What stands out is Verbruggen's philosophy, in view of the path events have taken in the last 12 years. I asked at the time: 'should the Donati report be investigated by the UCI?'
The reply? "[This is] not our task... an internal thing for the Italians." Verbruggen hinted that it boiled down to a feud between Donati (pictured below) and a fellow scientist since linked with EPO administration, Francesco Conconi.
He swatted away the allegations of Gilles Delion that doping was widespread as conjecture ('If you don't know, shut up'). A year later, the Festina scandal proved that Donati and L'Equipe's interviewees Delion and Nicolas Aubier were dead right. Are blood tests the future for fighting doping? "Not according to our experts, no." Good job they got some new experts.
A simple equation
At the time, I remember being disconcerted by Verbruggen's approach to anti-doping. It was simple for me: EPO = doping = against the rules = wrong. The UCI chief saw it thus: "You can have long intellectual discussions about why you have to forbid EPO but accept riders training at altitude... EPO works, so what we are doing is saying, 'OK, you get the same effect if you go to the mountains or into an oxygen chamber'."

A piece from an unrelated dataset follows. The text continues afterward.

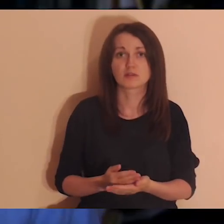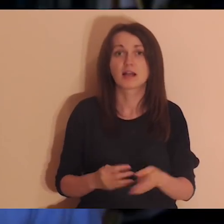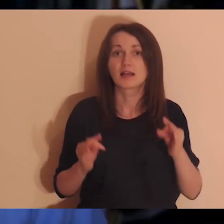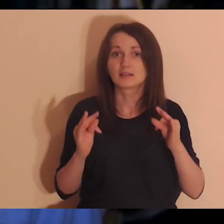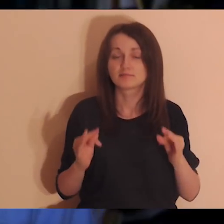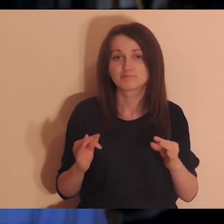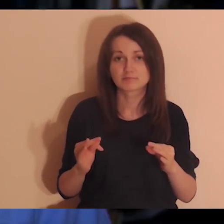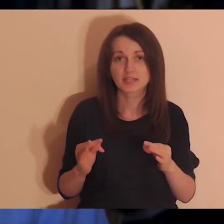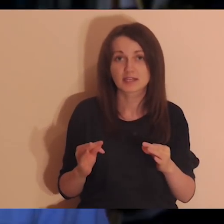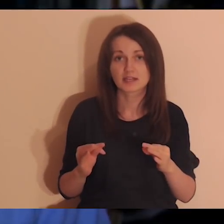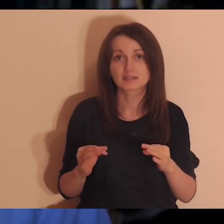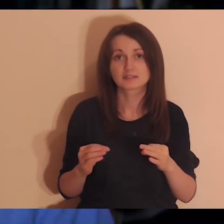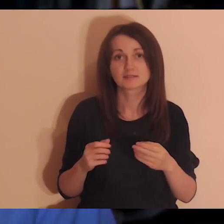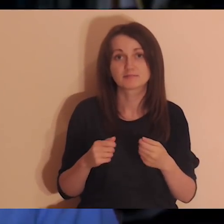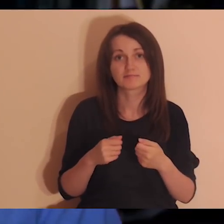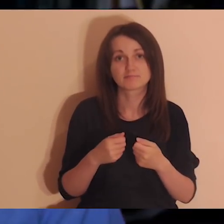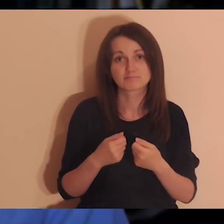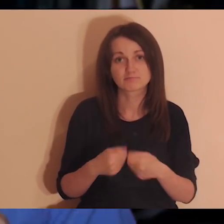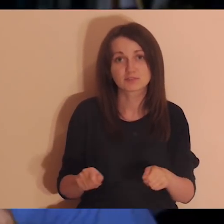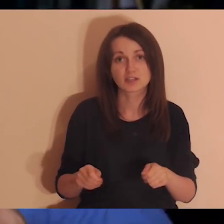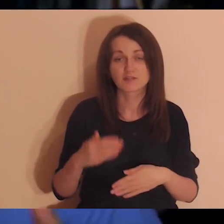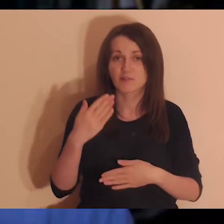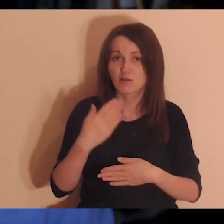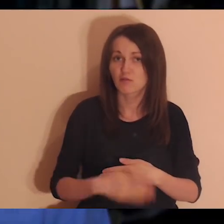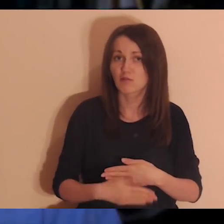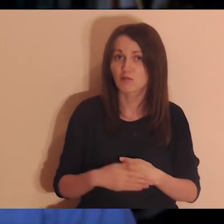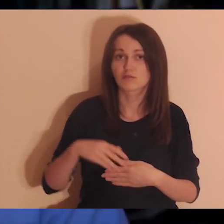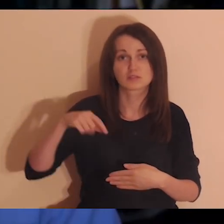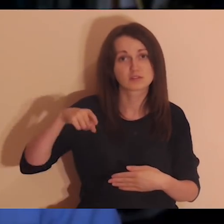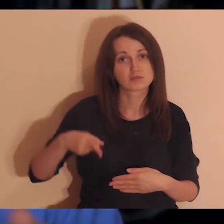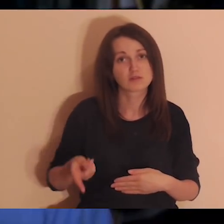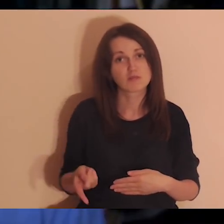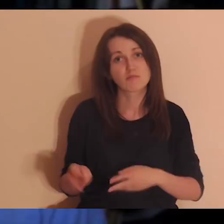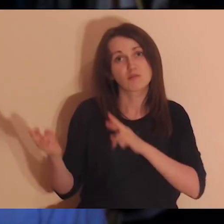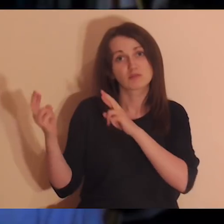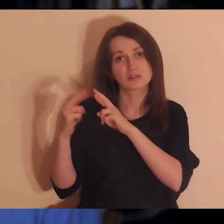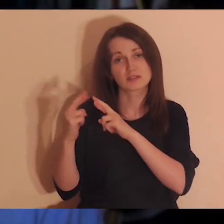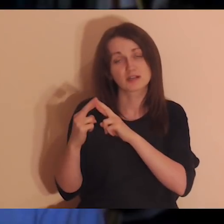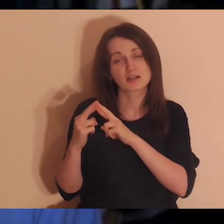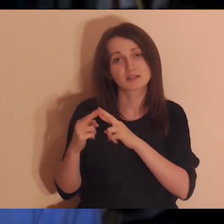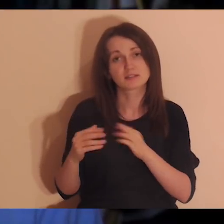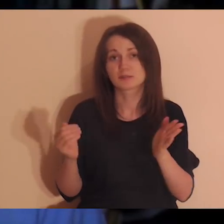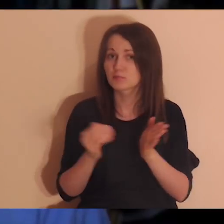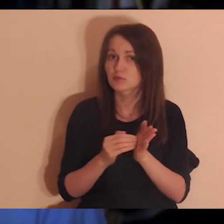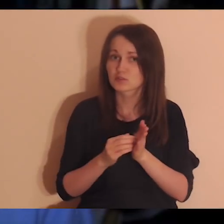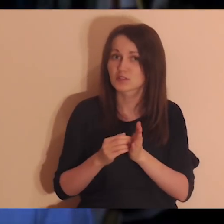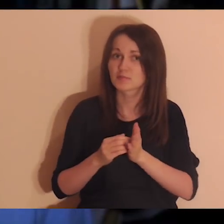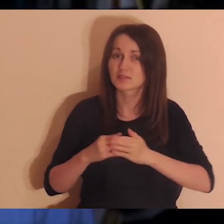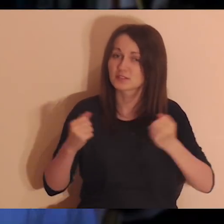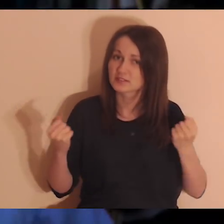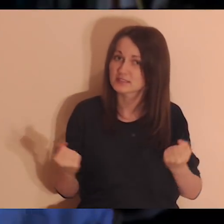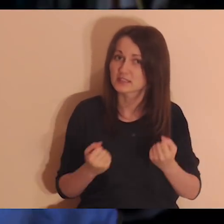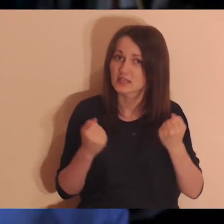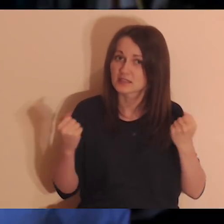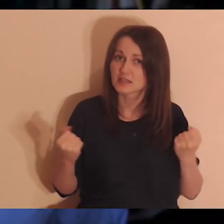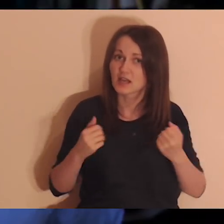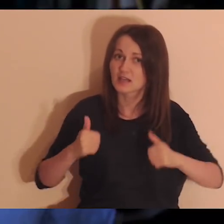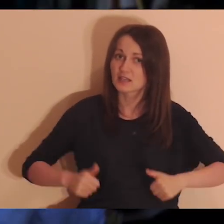że jest coraz więcej czynników, które odrywają nas od relacji, odrywają nas od głębi, i jak nie robimy wysiłków w stronę tego,
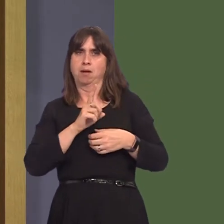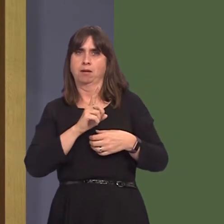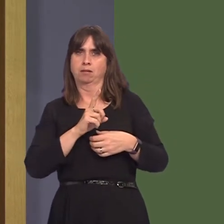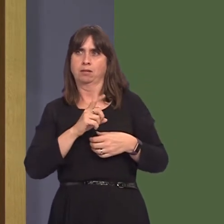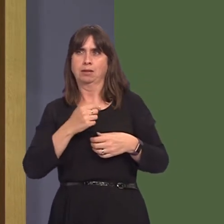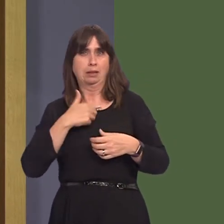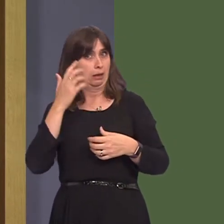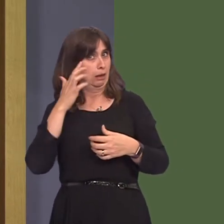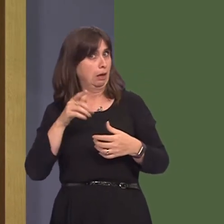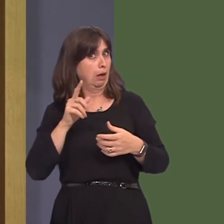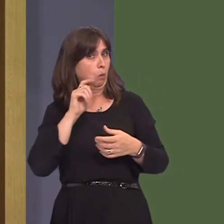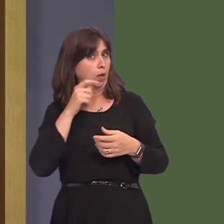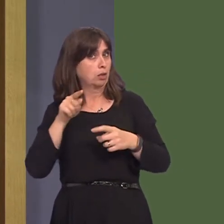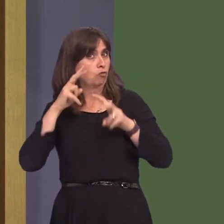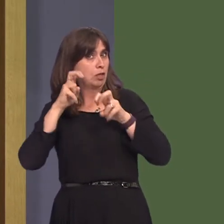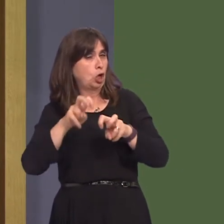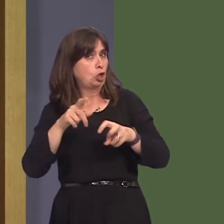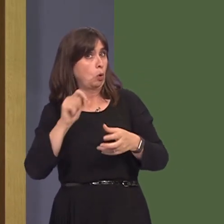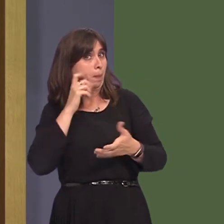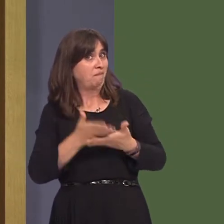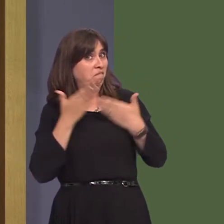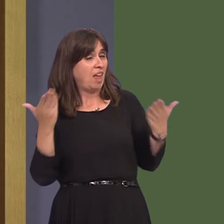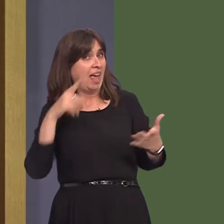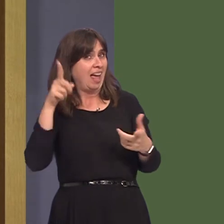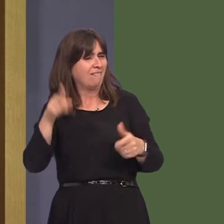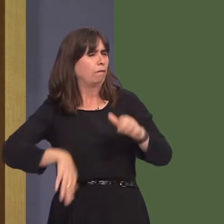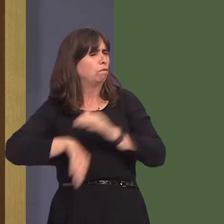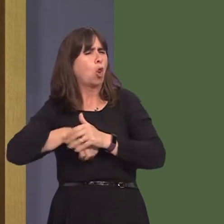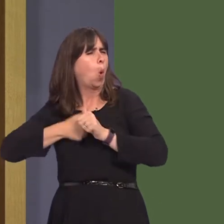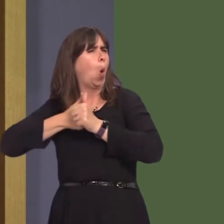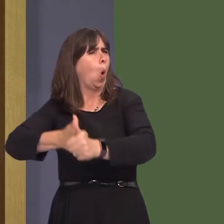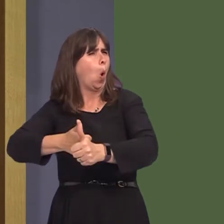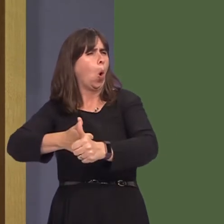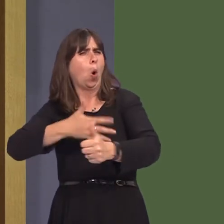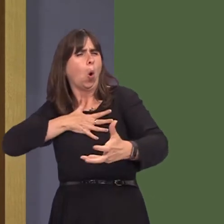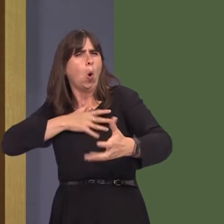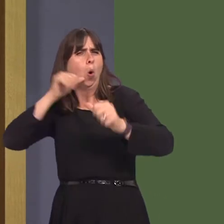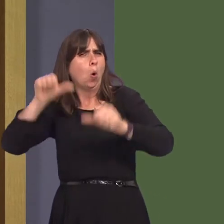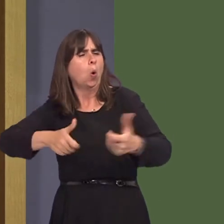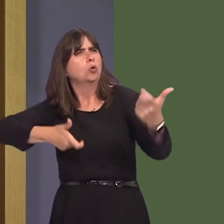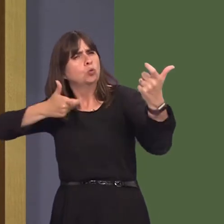fairness of how this review has been conducted in light of that which I've just explained.

I didn't quite get this so I asked him to clarify by asking, 'the essence of the argument is that there's no difference morally between injecting EPO and altitude training?' "You must agree because you said you want everyone to be on an equal footing," replied Verbruggen. I was puzzled by the response and it seems totally incongruous now.
The UCI has always worked in mysterious ways. It's never been quite clear how you get to be part of it. It's not run in any democratic, accountable way that has been apparent to me. So Pat MacQuaid was re-elected unopposed as its head? And just what say did you, I, or any other cyclist have in that. It's never been clear quite how the decision to drop the kilometre time trial from the Olympic Games was arrived at or who actually made it.
The whole question of the ProTour and its legitimacy is intriguing: what happened was that the governing body seemed wilfully to put itself into a conflict with the biggest race organiser in the sport. Similarly the UCI's rocky relationship with WADA has always been belied belief. It should be a no-brainer: you have a body which oversees anti-doping worldwide, you have a sport with a doping problem, so you work with WADA to clean up your sport, even if their head honcho says a bit too much for your liking occasionally. You don't sue them.
Going back to 1997, imagine if the response to Donati and the whistleblowing in L'Equipe had been, 'this is extremely worrying, we will investigate fully via an outside agency and we will publish the findings within three months.' And imagine if that had happened? Just perhaps, the sport might not have had to wait until Festina to find out what was really going on behind all those closed hotel room doors.
Can time really heal all ills?
The last 11 years shows that the only thing that has worked against doping is controlling and punishing: the controls have become more specific and the net narrower. The UCI deserves its share of credit for showing leadership among sports bodies. It was the first to bring in the urine test for EPO, accepted the principle of retrospective testing, brought in the red list, tested for homologous blood doping and have pushed ahead with the passport, clearly a major legal exercise.
Critically, they now have brought in outsiders such as Anne Gripper, Michael Ashenden - but what a shame Donati was marginalised, although he is now hailed at conferences such as Play the Game.
But until the last couple of years, the UCI tended to be reactive, with the pace in anti-doping set by the European police. The French cops made the breakthrough in 1998 and investigations in Italy, Belgium and Spain pushed things forward. Cycling has never enjoyed their interventions, but the inquiries kept forcing the sport to face the issue. I'd say the UCI did not truly manage that until the annus terribilis of 2006 - Puerto and Landis - made it clear the sport was facing oblivion. Looking back at that interview in 1997, I can understand why.